> EXERCISE MATERIAL:
===============

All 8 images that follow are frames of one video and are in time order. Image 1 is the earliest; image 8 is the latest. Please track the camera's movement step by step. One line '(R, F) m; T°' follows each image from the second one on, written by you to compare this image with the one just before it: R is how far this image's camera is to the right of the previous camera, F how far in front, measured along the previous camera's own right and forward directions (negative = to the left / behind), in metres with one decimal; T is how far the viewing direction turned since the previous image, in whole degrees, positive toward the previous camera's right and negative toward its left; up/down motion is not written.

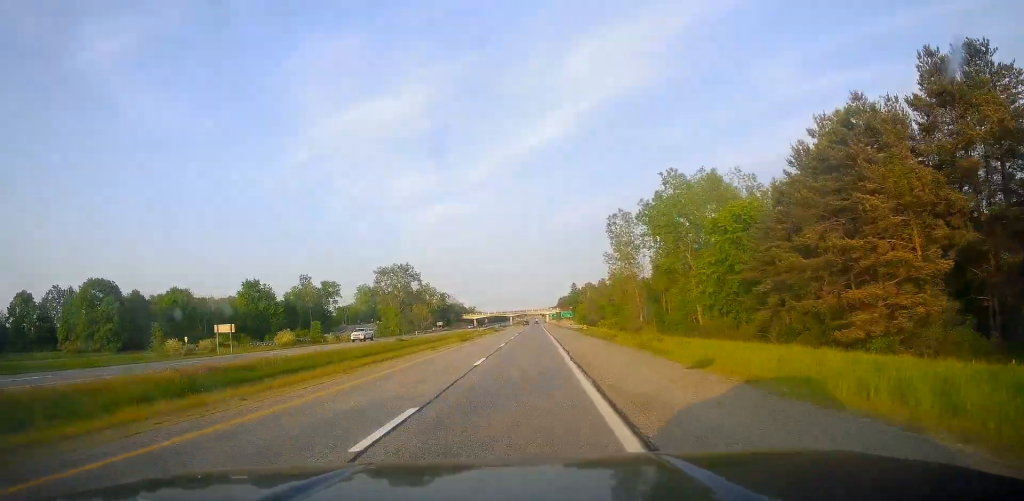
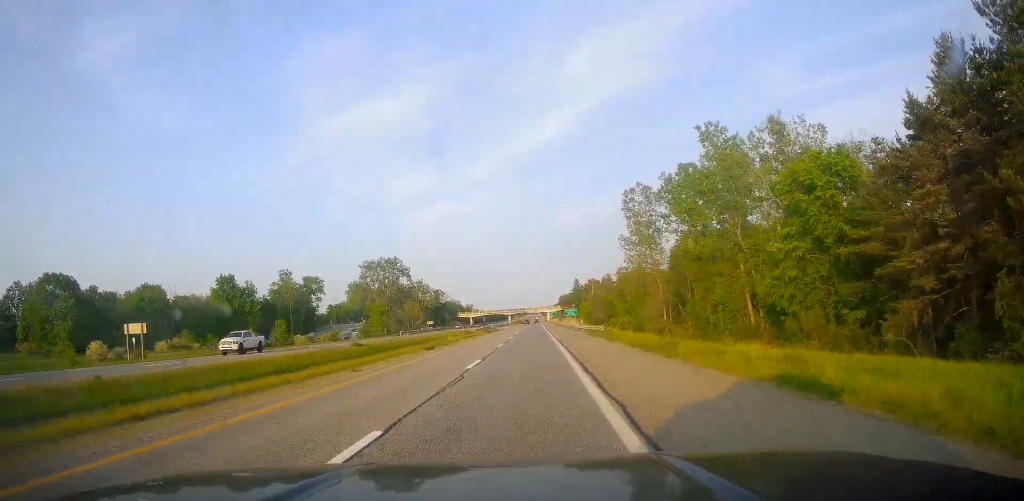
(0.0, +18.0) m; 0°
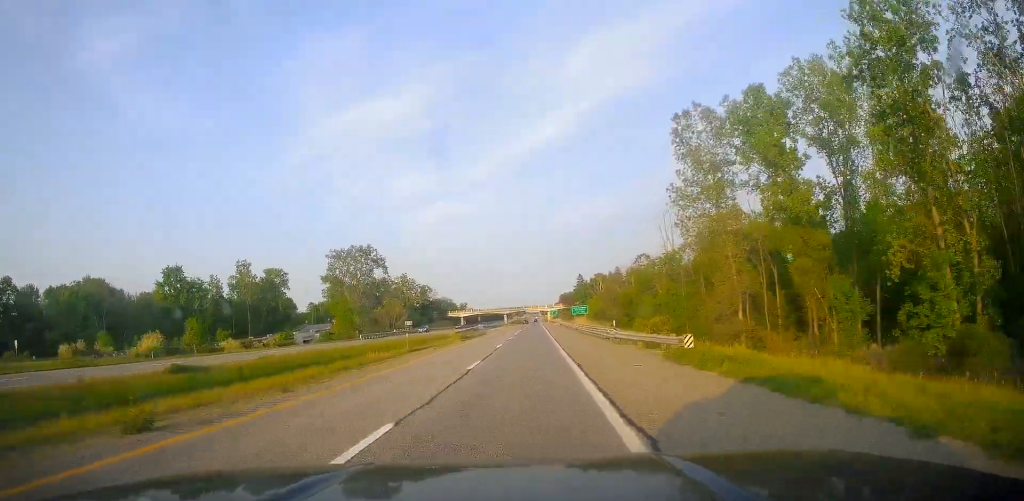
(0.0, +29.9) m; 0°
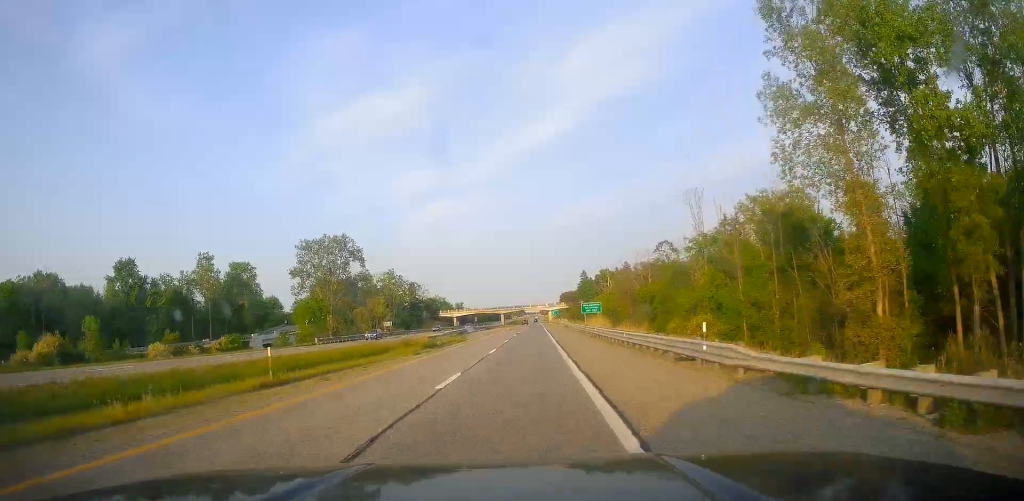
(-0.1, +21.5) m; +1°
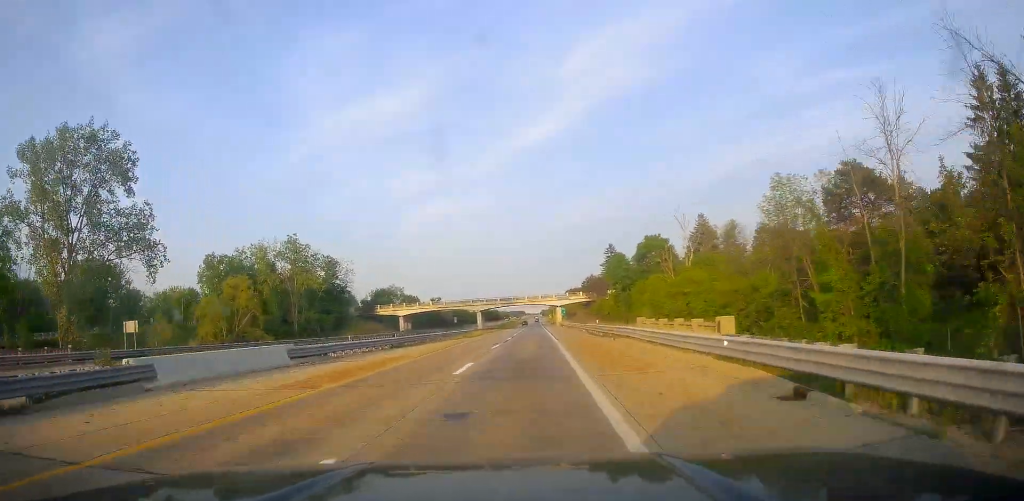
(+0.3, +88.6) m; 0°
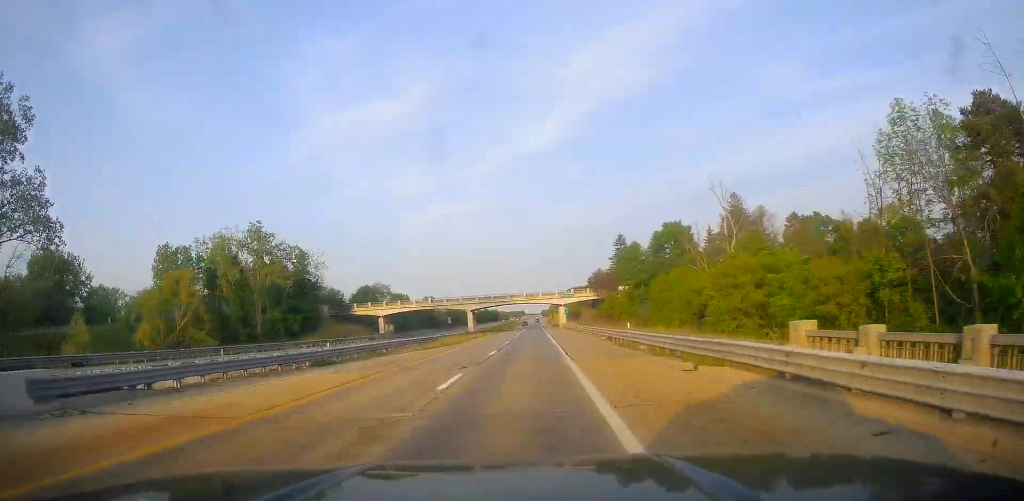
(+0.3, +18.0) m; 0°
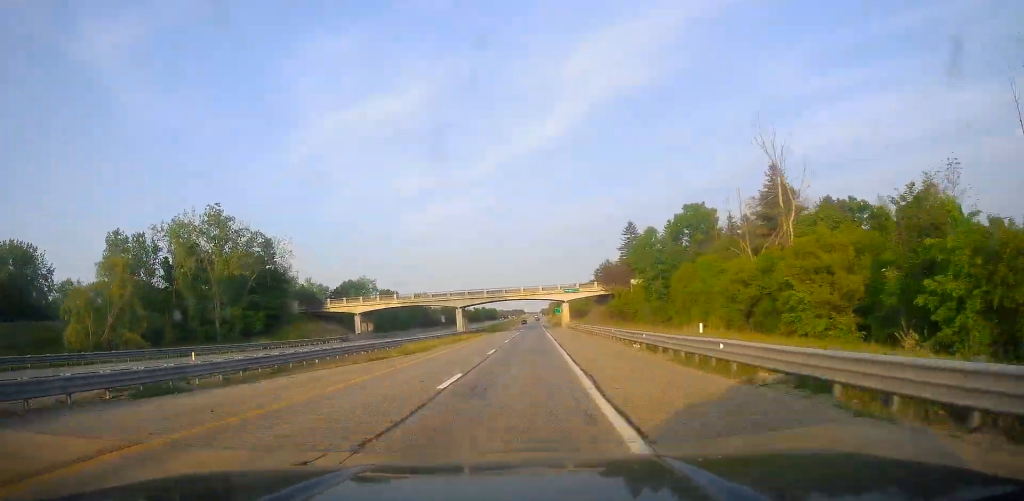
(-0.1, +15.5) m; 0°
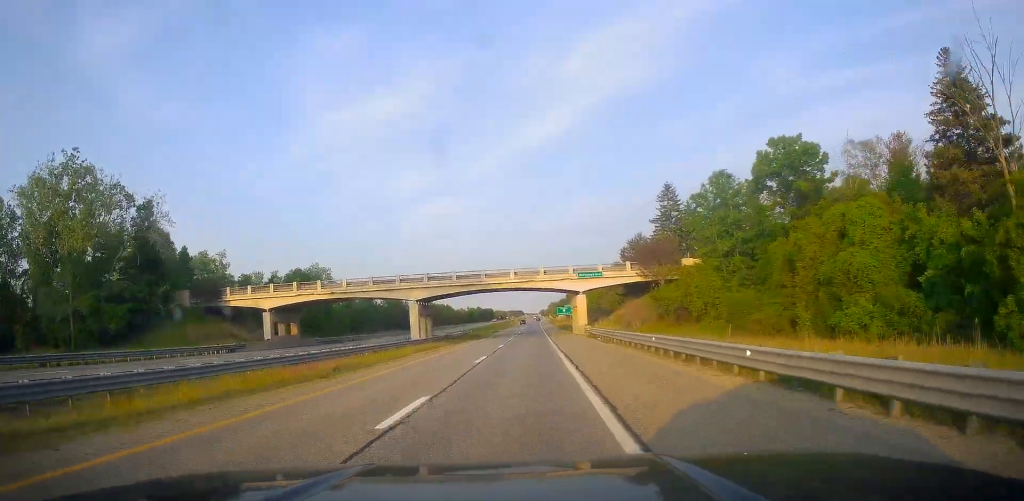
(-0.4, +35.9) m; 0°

===============

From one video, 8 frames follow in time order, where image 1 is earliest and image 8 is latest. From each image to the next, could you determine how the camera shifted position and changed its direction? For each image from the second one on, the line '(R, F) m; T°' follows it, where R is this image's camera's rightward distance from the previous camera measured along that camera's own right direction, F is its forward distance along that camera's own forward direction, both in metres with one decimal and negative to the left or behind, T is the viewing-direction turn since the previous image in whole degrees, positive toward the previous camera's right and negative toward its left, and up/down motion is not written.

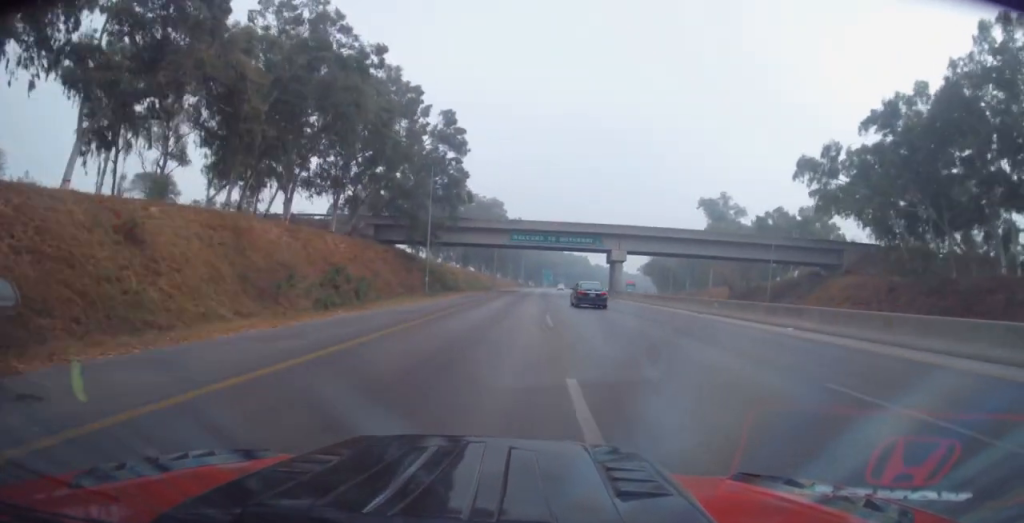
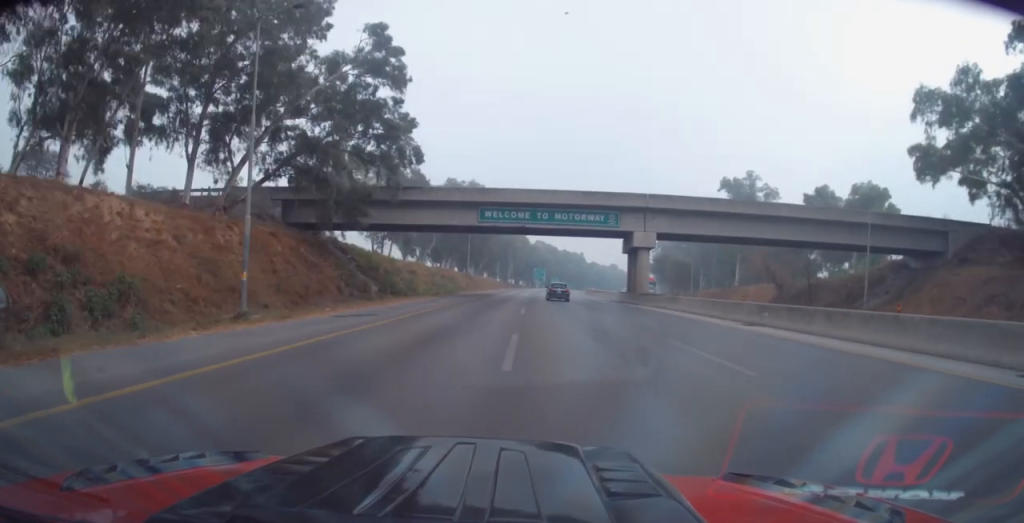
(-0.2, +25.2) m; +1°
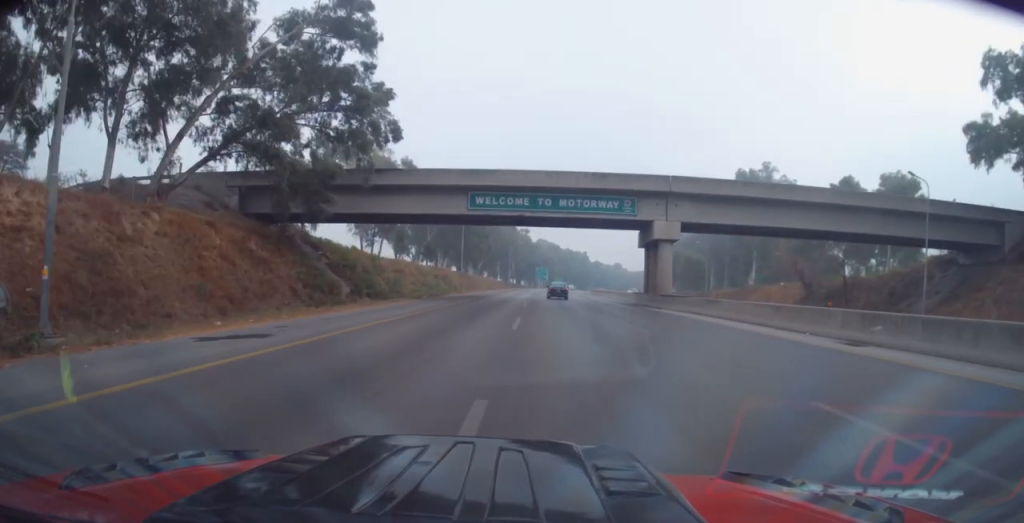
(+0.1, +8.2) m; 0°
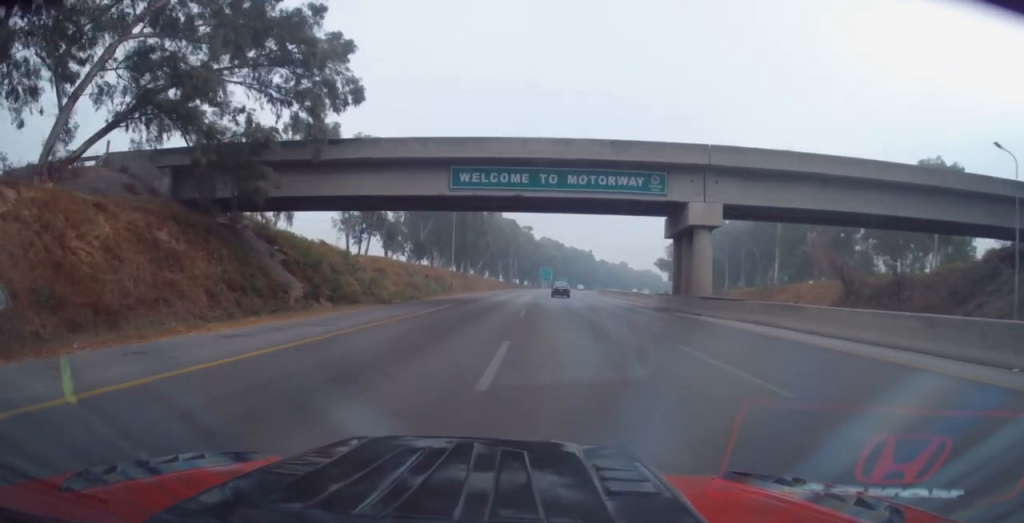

===============

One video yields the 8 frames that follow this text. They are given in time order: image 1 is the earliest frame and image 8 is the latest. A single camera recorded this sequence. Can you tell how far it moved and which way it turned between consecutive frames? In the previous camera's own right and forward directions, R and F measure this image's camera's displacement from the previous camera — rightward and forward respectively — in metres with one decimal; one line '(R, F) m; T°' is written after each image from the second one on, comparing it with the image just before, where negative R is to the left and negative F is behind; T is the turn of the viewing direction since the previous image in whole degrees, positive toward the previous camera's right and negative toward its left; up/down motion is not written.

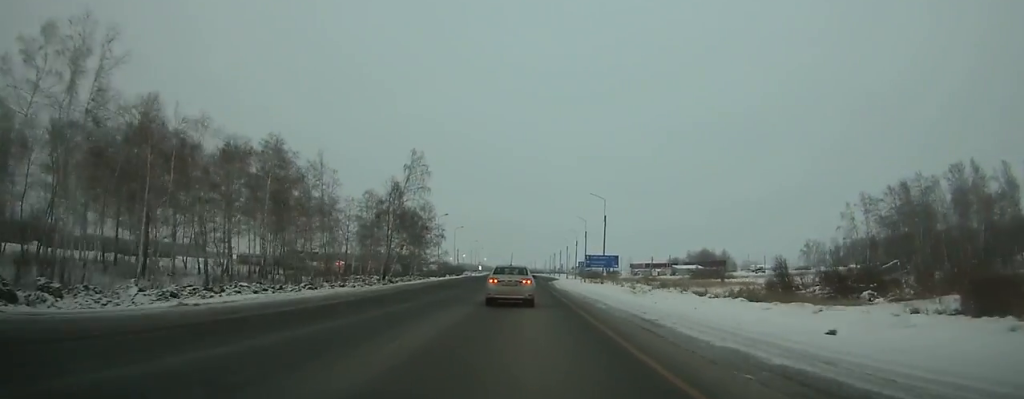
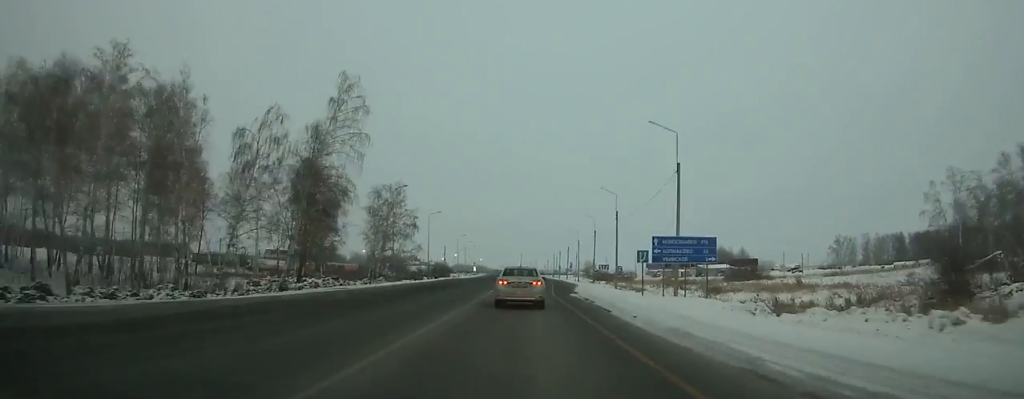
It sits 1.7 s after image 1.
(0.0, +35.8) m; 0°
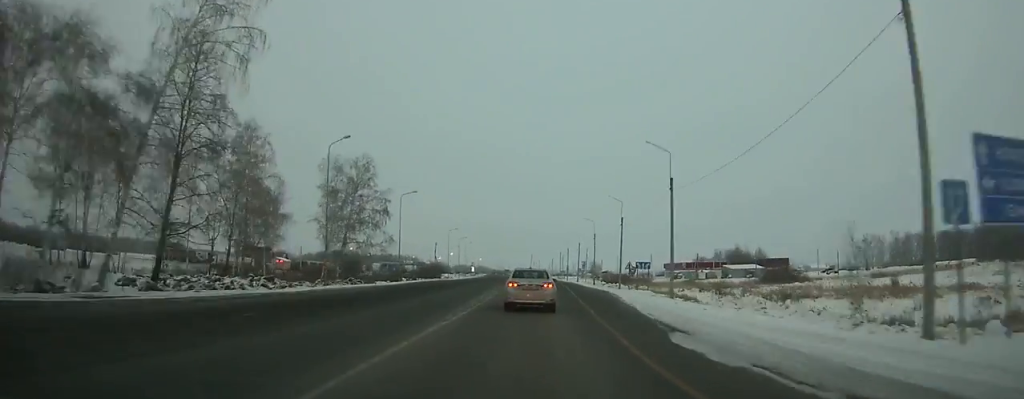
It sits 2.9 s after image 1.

===============

> WHAT IS EXPECTED:
Only the lines above starting with the line with "One video yields" and going on through the line with "It sits 2.9 s after image 1." belong in the answer; repeat them exactly, minus any picture.

> TASK RESPONSE:
One video yields the 8 frames that follow this text. They are given in time order: image 1 is the earliest frame and image 8 is the latest. A single camera recorded this sequence. Can you tell how far it moved and which way it turned between consecutive frames? In the previous camera's own right and forward directions, R and F measure this image's camera's displacement from the previous camera — rightward and forward respectively — in metres with one decimal; one line '(R, F) m; T°' is written after each image from the second one on, comparing it with the image just before, where negative R is to the left and negative F is behind; T is the turn of the viewing direction since the previous image in whole degrees, positive toward the previous camera's right and negative toward its left; up/down motion is not written.

It sits 1.7 s after image 1.
(0.0, +35.8) m; 0°
It sits 2.9 s after image 1.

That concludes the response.